##### RECORDS
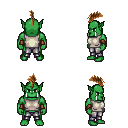
a pixel art fantasy rpg character, male body template, orc, green skin, white sleeveless shirt, metal pants, brown mohawk hairstyle, leather bracers, four views (front, back, left, right), 2x2 character sprite sheet, small pixel art, hard edges, no anti-aliasing
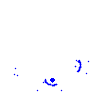
Particle: pion
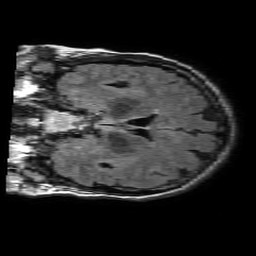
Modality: FLAIR
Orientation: coronal
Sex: female
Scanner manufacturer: philips
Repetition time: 11 s
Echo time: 0.125 s
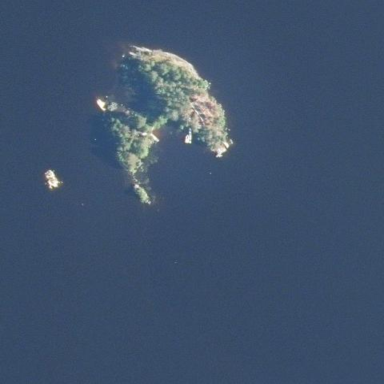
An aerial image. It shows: Islet.
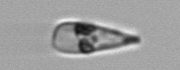
Label: Licmophora
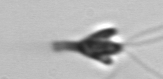
Label: Pyramimonas_longicauda
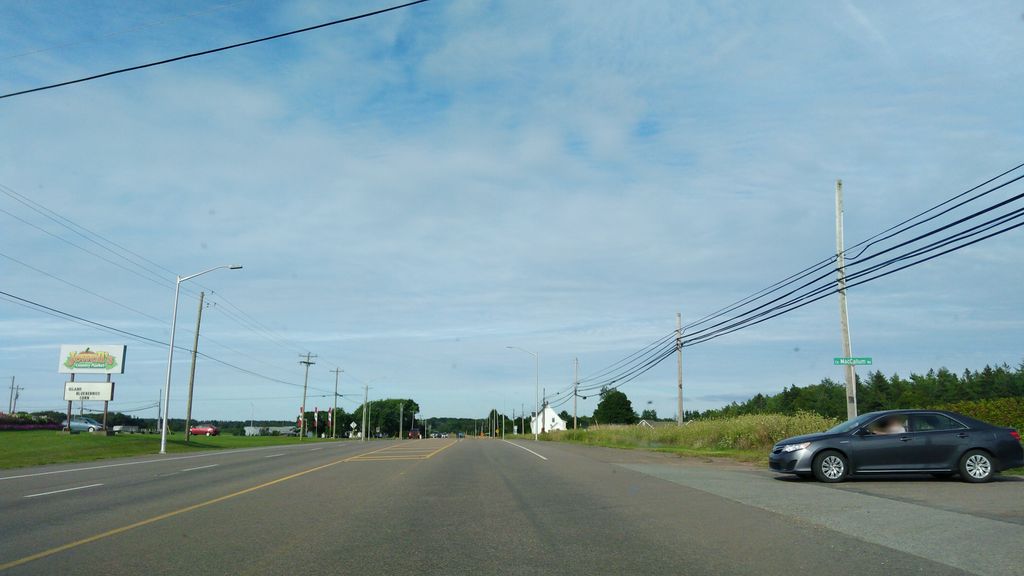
##########
- [ACTION ITEM] Could you repeat exactly the lines from the one containing "Sex: female" to the last line of the records, both included, and leave out every picture?

- [SOLUTION]
Sex: female
Scanner manufacturer: philips
Repetition time: 11 s
Echo time: 0.125 s
An aerial image. It shows: Islet.
Label: Licmophora
Label: Pyramimonas_longicauda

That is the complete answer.